Should I be concerned about Erlang's native global registry performance?

toast · February 23, 2023, 1:01pm

Hello everyone,

This is my first post here, so please excuse me if I have accidentally missed any guidelines.

In my current company, we have developed and released an Elixir application that collects user events and conditionally responds to them in realtime at scale. Such user events are piped through Phoenix sockets/channels and/or HTTP APIs. We have 2 node replicas that usually auto-scale to 6 during traffic times. Each node can hold up to 30k active socket connections, that belong to ~10k unique users.

Given that user events are piped from multiple processes across the cluster, and node stickiness is not guaranteed, I’m currently working on centralizing the event pipeline for each user through establishing one global process per user across all nodes, given that they have at least one active socket connection.

# On new socket connection
user_ref = {:global, "manager_#{user_id}"}

case GenServer.start(__MODULE__, state, name: user_ref, spawn_opt: [fullsweep_after: 10]) do
    {:ok, _pid} ->
      GenServer.call(user_ref, {:connection, socket, params}, @connection_timeout)

    {:error, {:already_started, _pid}} ->
      GenServer.call(user_ref, {:connection, socket, params}, @connection_timeout)

    {:error, reason} ->
      {:error, "Could not start user process with error: #{reason}"}
end

# On user event
case GenServer.whereis(user_ref) do
      nil ->
        {:error, "Received an event for a user that has no global process registered"}

      _pid ->
        GenServer.call(user_ref, {:event, context}, @event_timeout)
end

Additionally, each user may have background tasks running, which are also globally named after their session IDs and unregisters at end of work.

task_ref = {:global, "manager_#{user_id}_#{session_id}"}
Task.Supervisor.start_child(
:user_tasks_supervisor,
      fn ->
        :global.register_name(task_ref, self())
        # do work
        :global.unregister_name(task_ref)
     end,
     shutdown: @shut_down_interval,
     restart: :transient
)

For each unique user, only one global registration will execute. Subsequent registration attempts from extra connections for the user, will call whereis/1 which is fast and reliable considering no bottlenecks in registration.

I’m worried that global registers/unregisters might cause a bottleneck.
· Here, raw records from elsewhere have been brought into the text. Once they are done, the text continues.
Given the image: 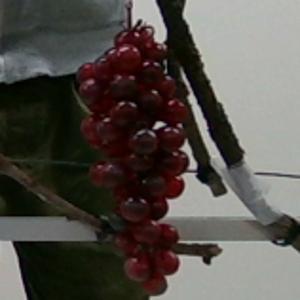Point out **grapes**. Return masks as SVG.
Segmentation results:
<instances>
[{
  "label": "grapes",
  "instance_id": "grapes-1",
  "mask_svg": "<svg viewBox=\"0 0 300 300\" xmlns=\"http://www.w3.org/2000/svg\"><path fill=\"white\" fill-rule=\"evenodd\" d=\"M114 46L76 72L80 100L90 113L80 130L98 163L87 181L115 206L108 222L116 231L113 248L126 255L120 263L123 279L159 297L168 290V277L181 267L174 252L179 230L157 222L168 214V201L185 189L182 176L190 157L182 150L186 133L179 124L186 110L172 99L176 84L165 74L168 52L151 33L121 30Z\"/></svg>",
  "mask_w": 300,
  "mask_h": 300
}]
</instances>
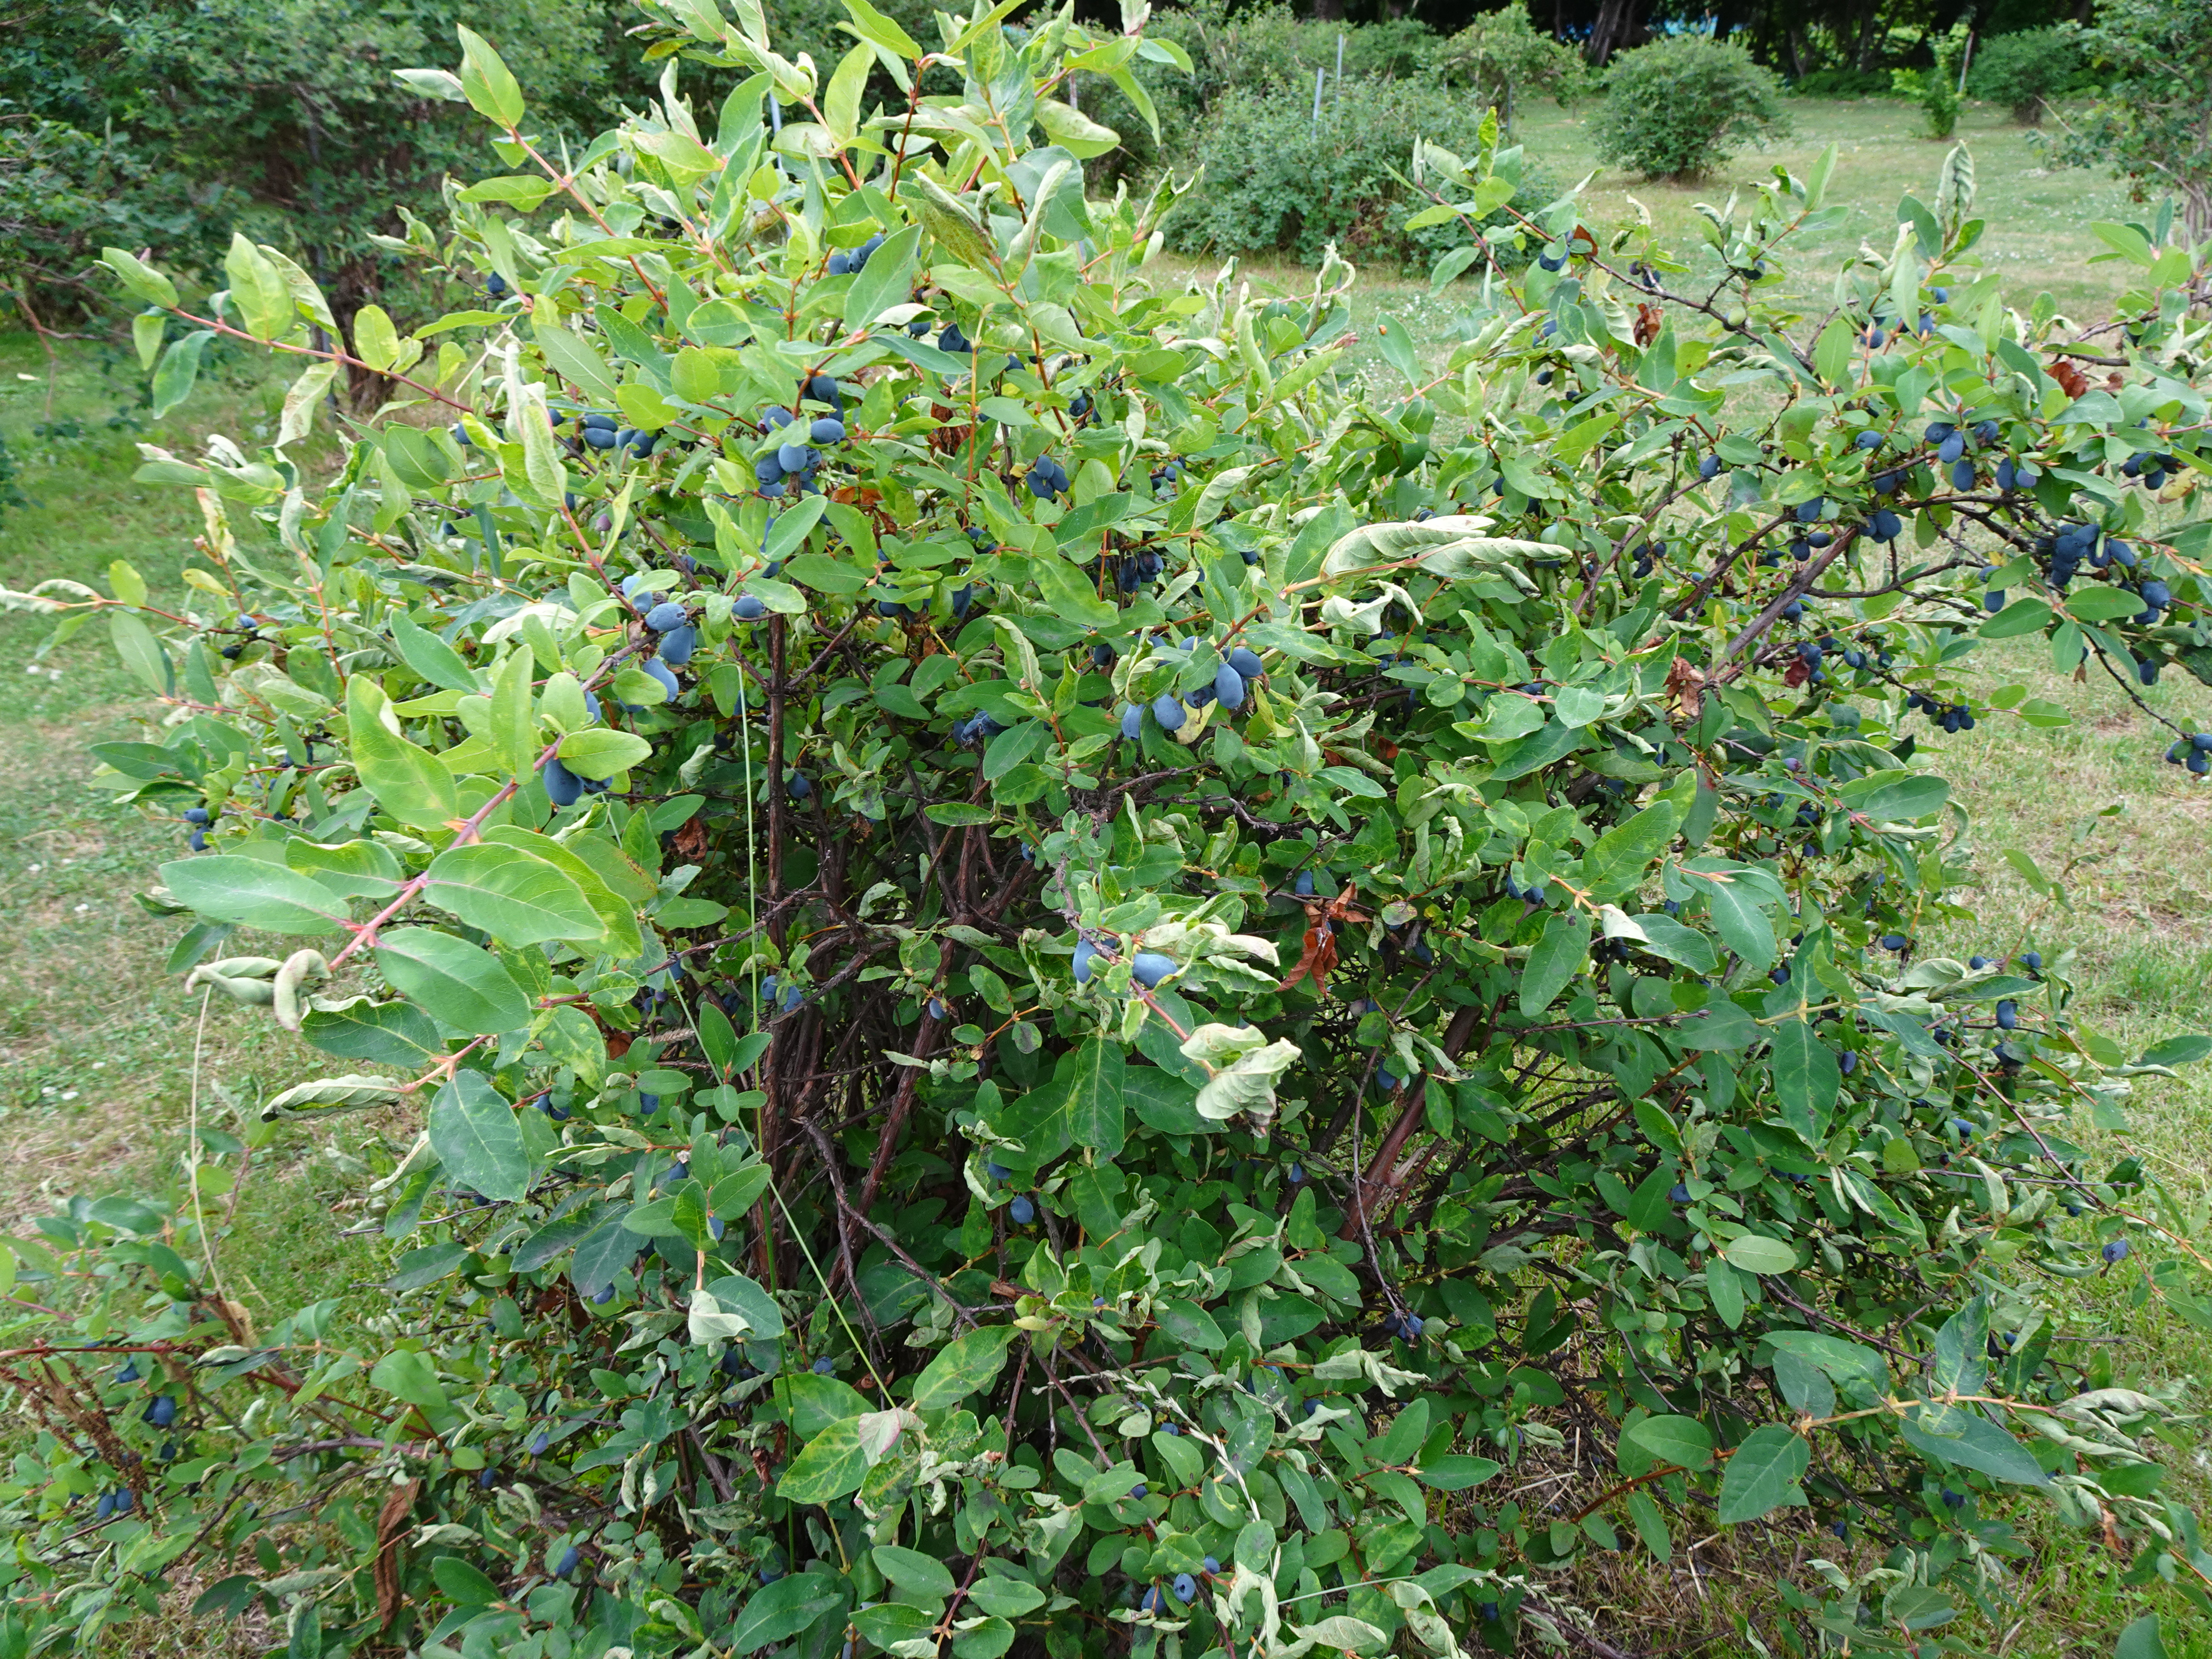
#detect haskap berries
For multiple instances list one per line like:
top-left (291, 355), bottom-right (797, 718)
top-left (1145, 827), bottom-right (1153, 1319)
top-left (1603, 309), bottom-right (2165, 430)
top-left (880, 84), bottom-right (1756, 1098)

Especially that we still do not have a proper connection draining mechanism on new releases yet (code changes); All connections on terminating pods are disconnected at once and new pods receives reconnections at bulk, hence why we avoid releasing during traffic times.

I have tried to find if someone has already benchmarked the global module and found conflicting results so far:

This post shows that Erlang’s global module seems to suffer in terms of registrations per second, as soon as you scale beyond 1 node. Numbers don’t look good at all.
This study [Figure.5][Figure.6] does conclude that throughput and latency is affected by global commands, but not significantly before 10 nodes.

I have used our end to end stress testing framework against my change and did not see any significant throughput bottlenecks against our production code on 2 nodes.

I was wondering if anyone has had an experience with Erlang’s global module for registering and looking up a large number of processes across a cluster, or could point me into a direction to verify this further.

Many thanks!

DianaOlympos · February 23, 2023, 1:56pm

I would advise posting at https://erlangforums.com/ and maybe ping Maxim Fedorov. Long story short, yes, there are big bottlenecks using the :global registry, due to the locking needed.

I will also not tell you that this is bad, but point out The dangers of the Single Global Process and recommend keeping it in mind while doing your architecture. It may be that this is a great option for you and the right choice. But there are heavy costs.

toast · February 23, 2023, 6:09pm

I would advise posting at https://erlangforums.com/ and maybe ping Maxim Fedorov.

Thanks for the tip, will surely do so.

I will also not tell you that this is bad, but point out The dangers of the Single Global Process and recommend keeping it in mind while doing your architecture.

We are trying to process incoming events sequentially for each user, hence the idea of using a single global process. As of OTP 25, global prevents overlapping partitions, so any disconnected nodes will have to form again once reconnected.

It seems to me that global is designed for higher consistency than availability due to the global registration mechanism (locking & atomicity) making it a great solution for fewer long running processes. It might not be a bottleneck considering our current scale, but I’ll spend more time on experimenting with other available options to find that sweet spot, with dynamic node membership in mind. Considering the use case, swarm, gproc, and syn all seem to be equally, if not more, concerning as global.

@ostinelli would appreciate your feedback here.

ostinelli · February 26, 2023, 4:26pm

I don’t know why your original intent is to pipe everything through a single process in the first place.

If you can handle eventual consistency, you can use syn. if you need consistency, you might consider a raft implementation instead of global (such as ra) for a better performance, however this is true for some definition of dynamic node membership.